*** Begin section ***

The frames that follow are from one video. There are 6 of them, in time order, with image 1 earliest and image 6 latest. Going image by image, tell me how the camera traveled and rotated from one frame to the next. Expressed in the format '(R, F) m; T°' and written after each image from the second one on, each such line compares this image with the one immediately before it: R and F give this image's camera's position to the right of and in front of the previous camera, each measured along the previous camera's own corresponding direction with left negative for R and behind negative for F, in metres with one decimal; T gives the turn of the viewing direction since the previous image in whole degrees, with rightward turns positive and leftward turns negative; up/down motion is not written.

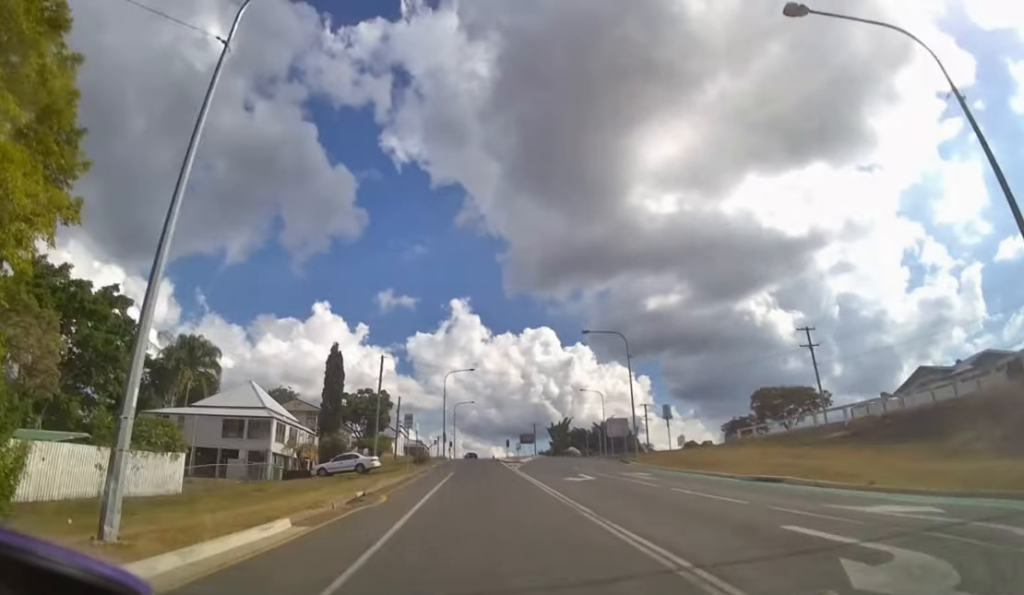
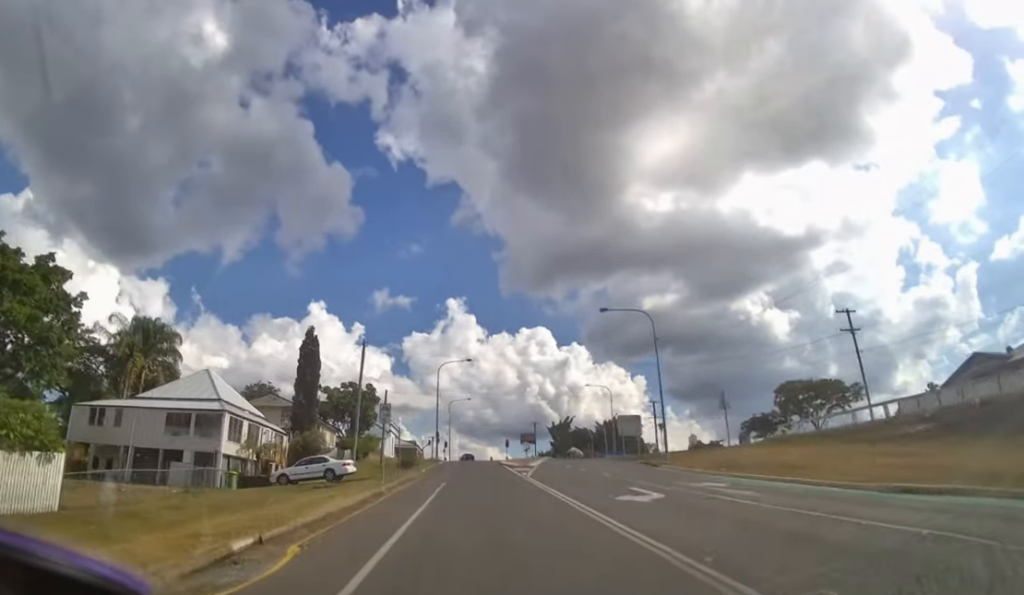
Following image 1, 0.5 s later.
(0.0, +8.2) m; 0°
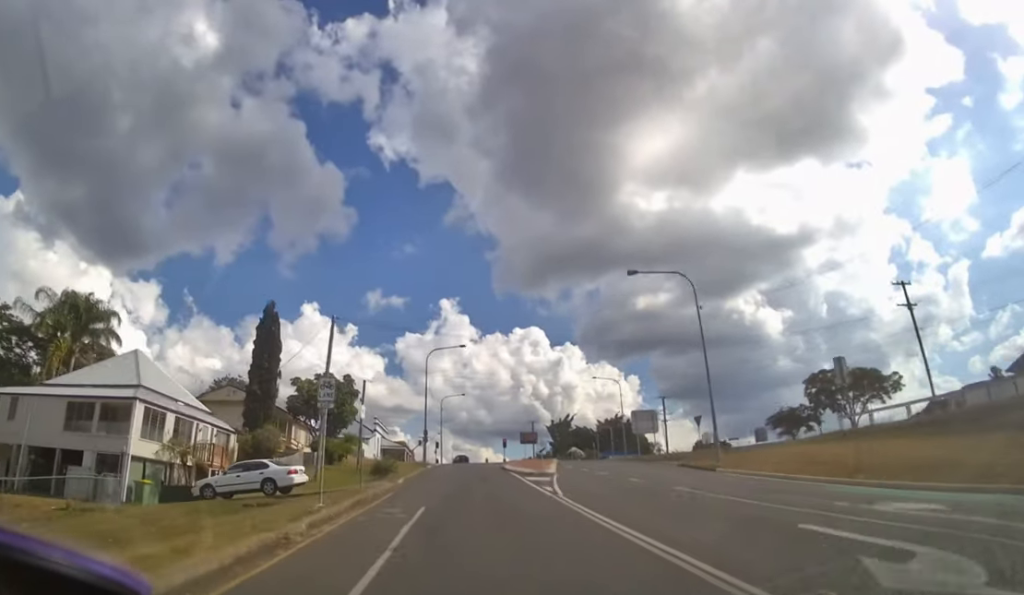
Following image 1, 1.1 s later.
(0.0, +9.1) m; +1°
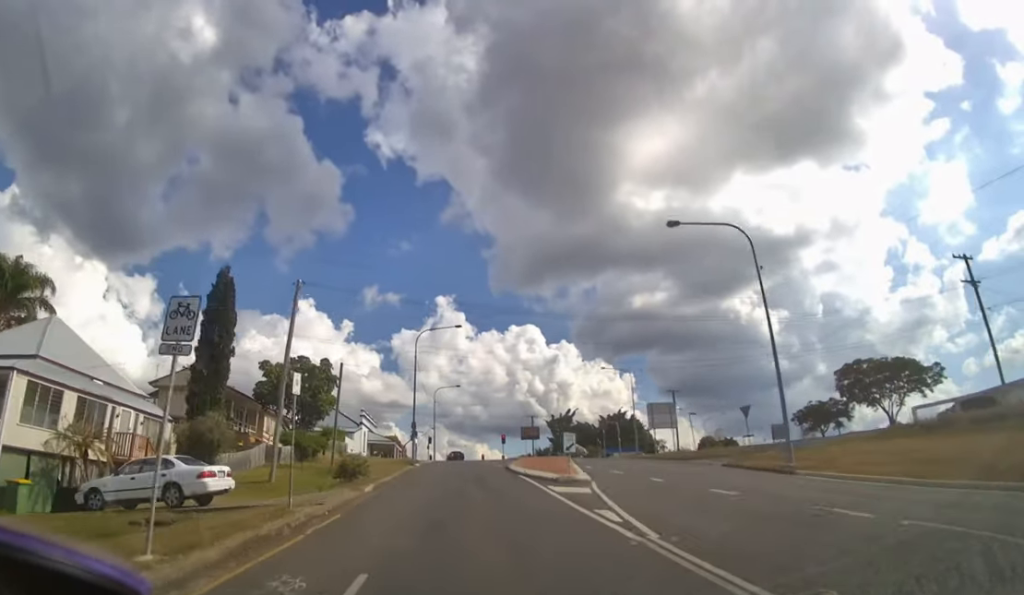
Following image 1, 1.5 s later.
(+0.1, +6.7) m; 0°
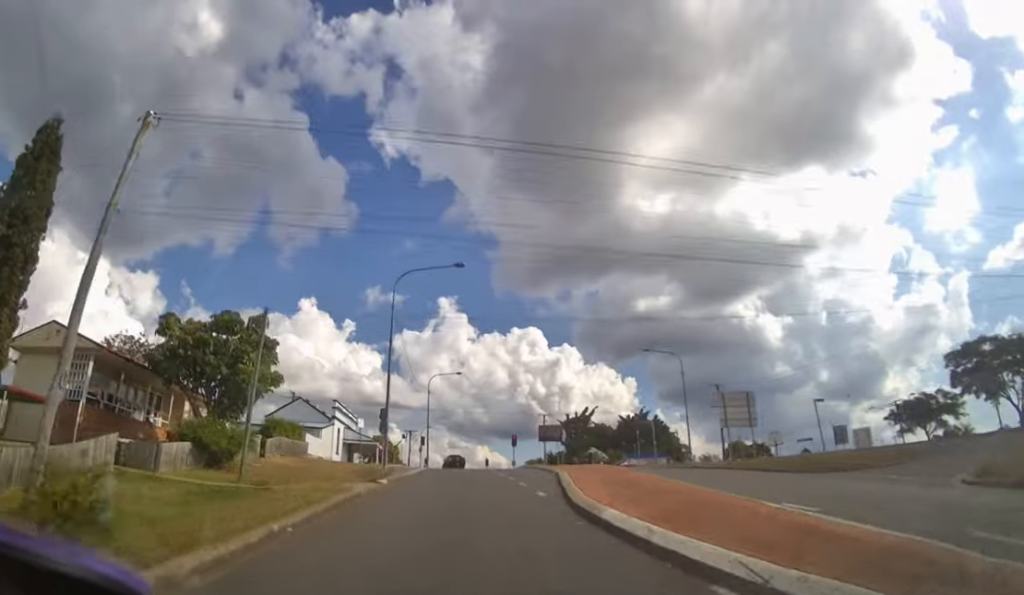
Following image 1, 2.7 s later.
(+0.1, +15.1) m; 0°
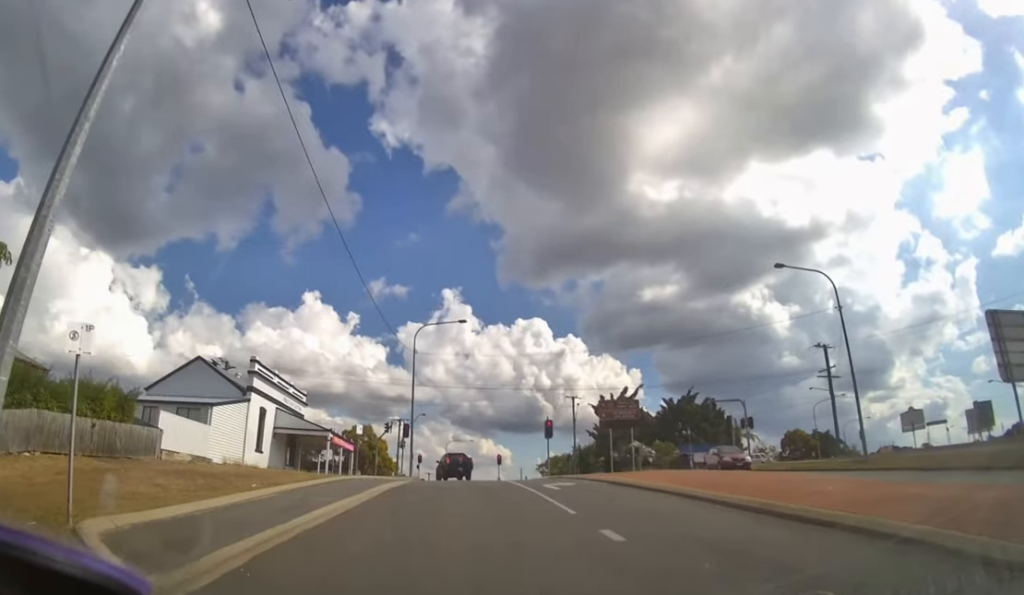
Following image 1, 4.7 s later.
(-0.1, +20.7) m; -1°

*** End section ***
*** Begin section ***

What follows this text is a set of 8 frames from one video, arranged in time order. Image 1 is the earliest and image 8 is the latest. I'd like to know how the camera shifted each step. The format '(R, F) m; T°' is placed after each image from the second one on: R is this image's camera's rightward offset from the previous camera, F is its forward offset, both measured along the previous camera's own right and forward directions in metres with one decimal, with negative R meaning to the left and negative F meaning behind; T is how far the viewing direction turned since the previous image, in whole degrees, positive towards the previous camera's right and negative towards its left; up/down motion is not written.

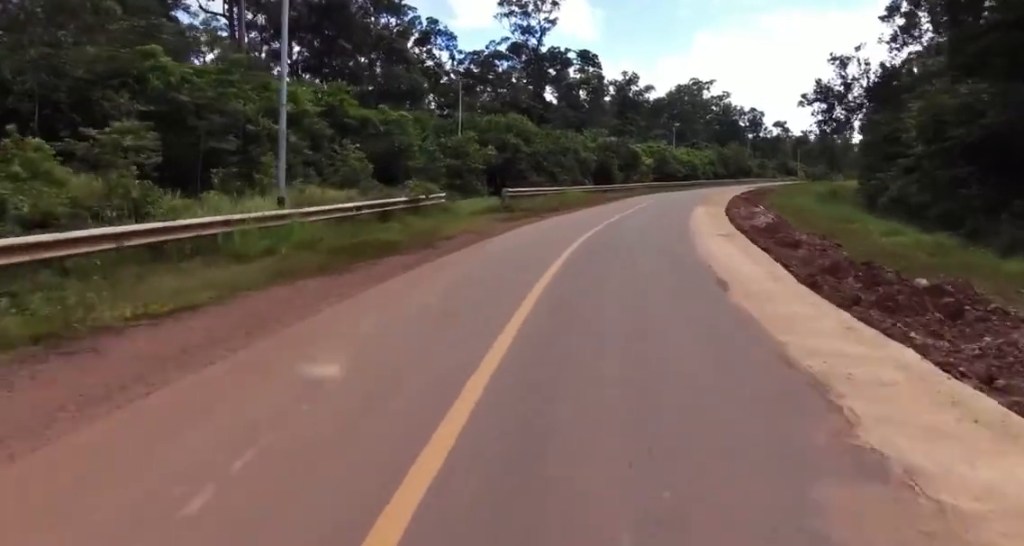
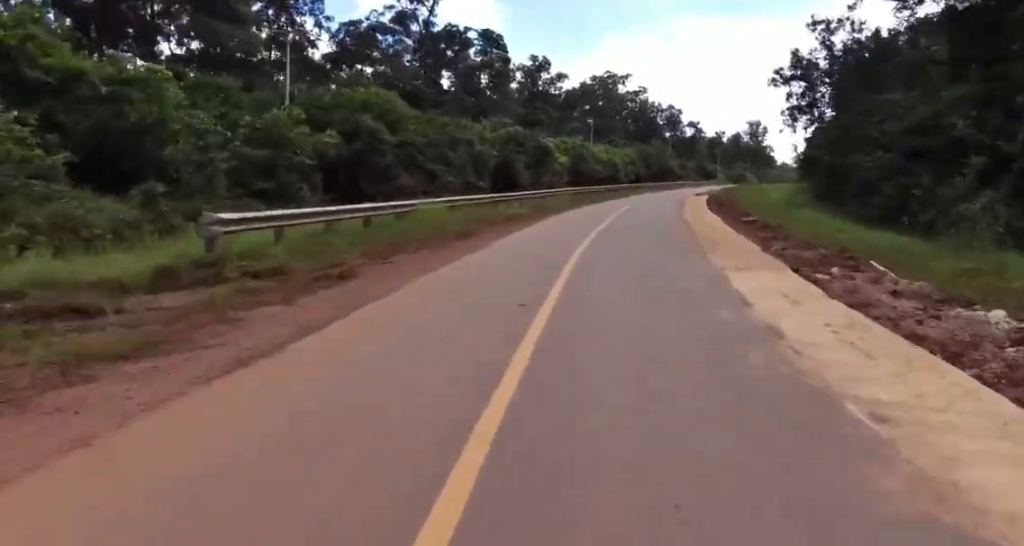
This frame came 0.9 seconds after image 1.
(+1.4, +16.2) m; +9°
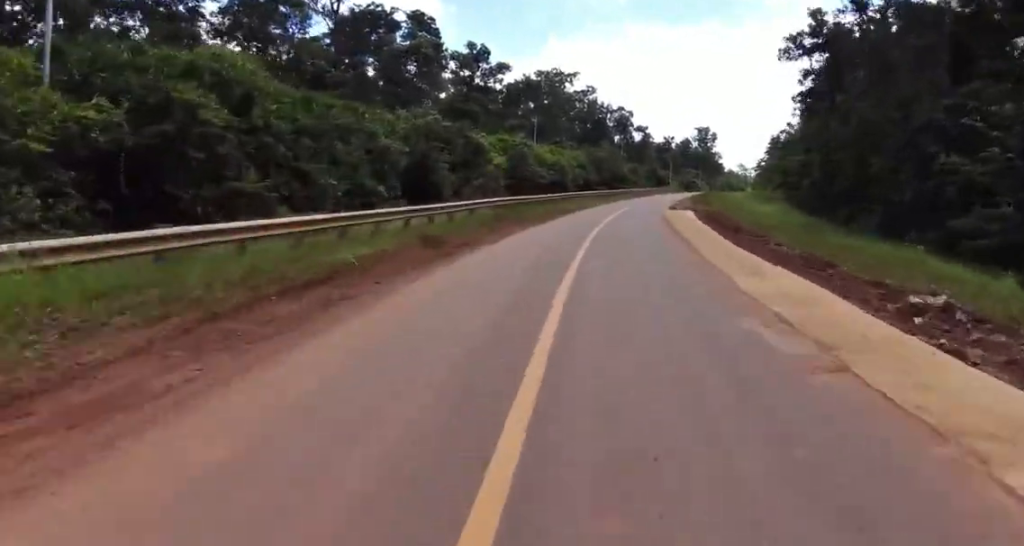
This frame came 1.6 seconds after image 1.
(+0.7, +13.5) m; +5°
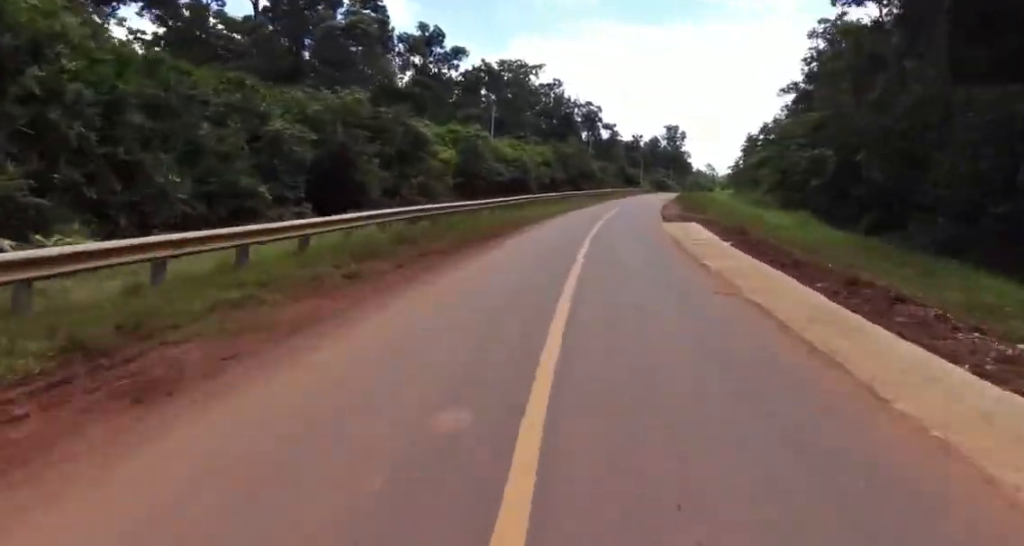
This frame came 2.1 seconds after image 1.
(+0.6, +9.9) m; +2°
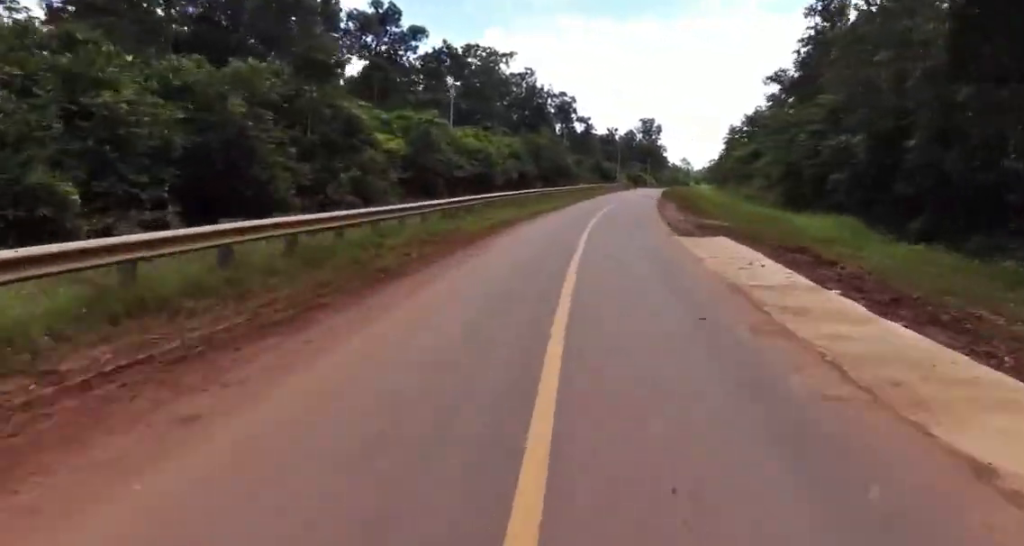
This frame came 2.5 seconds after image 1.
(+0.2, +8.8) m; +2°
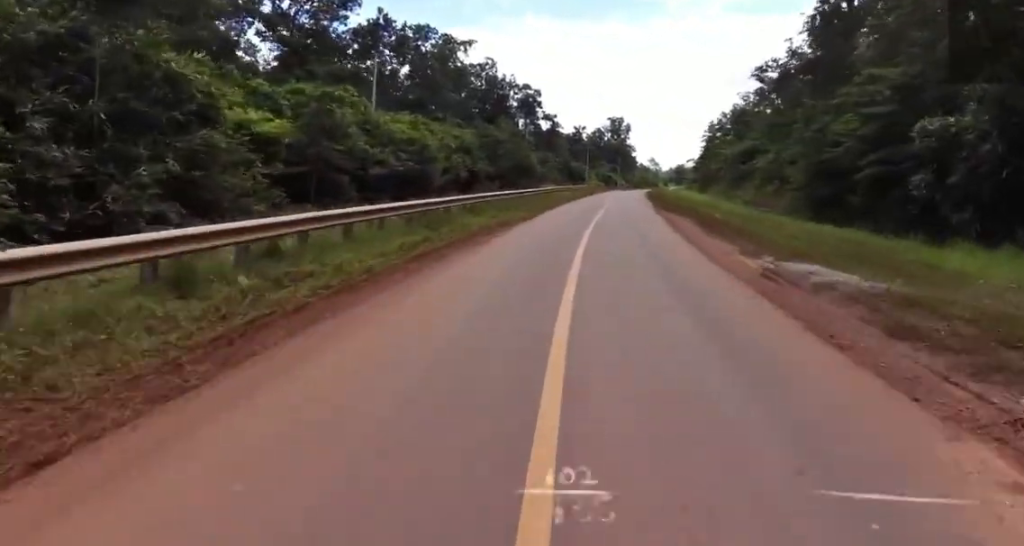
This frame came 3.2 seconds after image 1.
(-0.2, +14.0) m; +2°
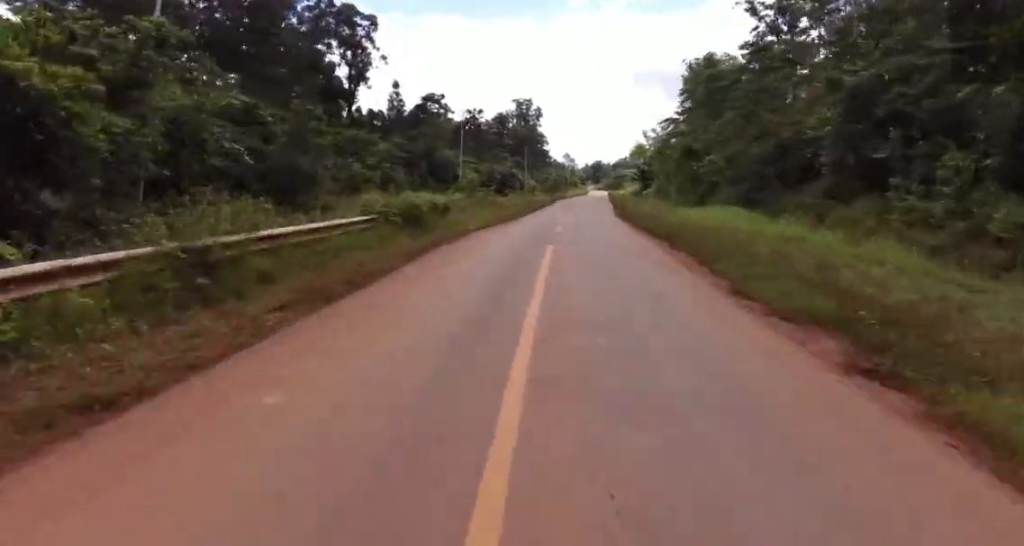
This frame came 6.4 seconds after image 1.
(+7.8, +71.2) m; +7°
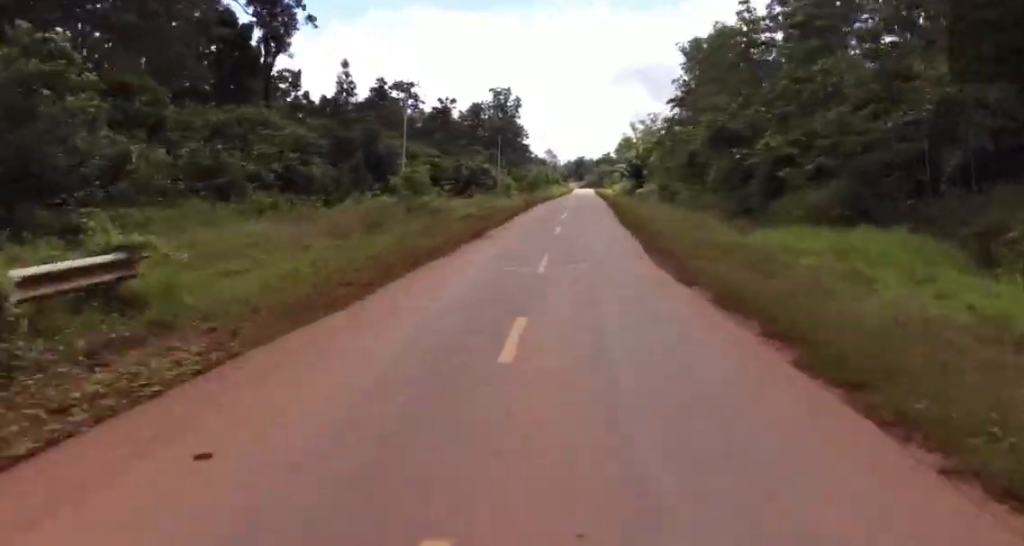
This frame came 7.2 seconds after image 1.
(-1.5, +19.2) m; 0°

*** End section ***

=== Work request ===
Wherever the word "direction" occurs in a line of the listing, copy that line.

=== Solution for this task ===
The frames that follow are from one video. There are 6 of them, in time order, with image 1 earliest and image 6 latest. Going image by image, tell me how the camera traveled and rotated from one frame to the next. Expressed in the format '(R, F) m; T°' and written after each image from the second one on, each such line compares this image with the one immediately before it: R and F give this image's camera's position to the right of and in front of the previous camera, each measured along the previous camera's own corresponding direction with left negative for R and behind negative for F, in metres with one decimal; T gives the turn of the viewing direction since the previous image in whole degrees, with rightward turns positive and leftward turns negative; up/down motion is not written.
What follows this text is a set of 8 frames from one video, arranged in time order. Image 1 is the earliest and image 8 is the latest. I'd like to know how the camera shifted each step. The format '(R, F) m; T°' is placed after each image from the second one on: R is this image's camera's rightward offset from the previous camera, F is its forward offset, both measured along the previous camera's own right and forward directions in metres with one decimal, with negative R meaning to the left and negative F meaning behind; T is how far the viewing direction turned since the previous image, in whole degrees, positive towards the previous camera's right and negative towards its left; up/down motion is not written.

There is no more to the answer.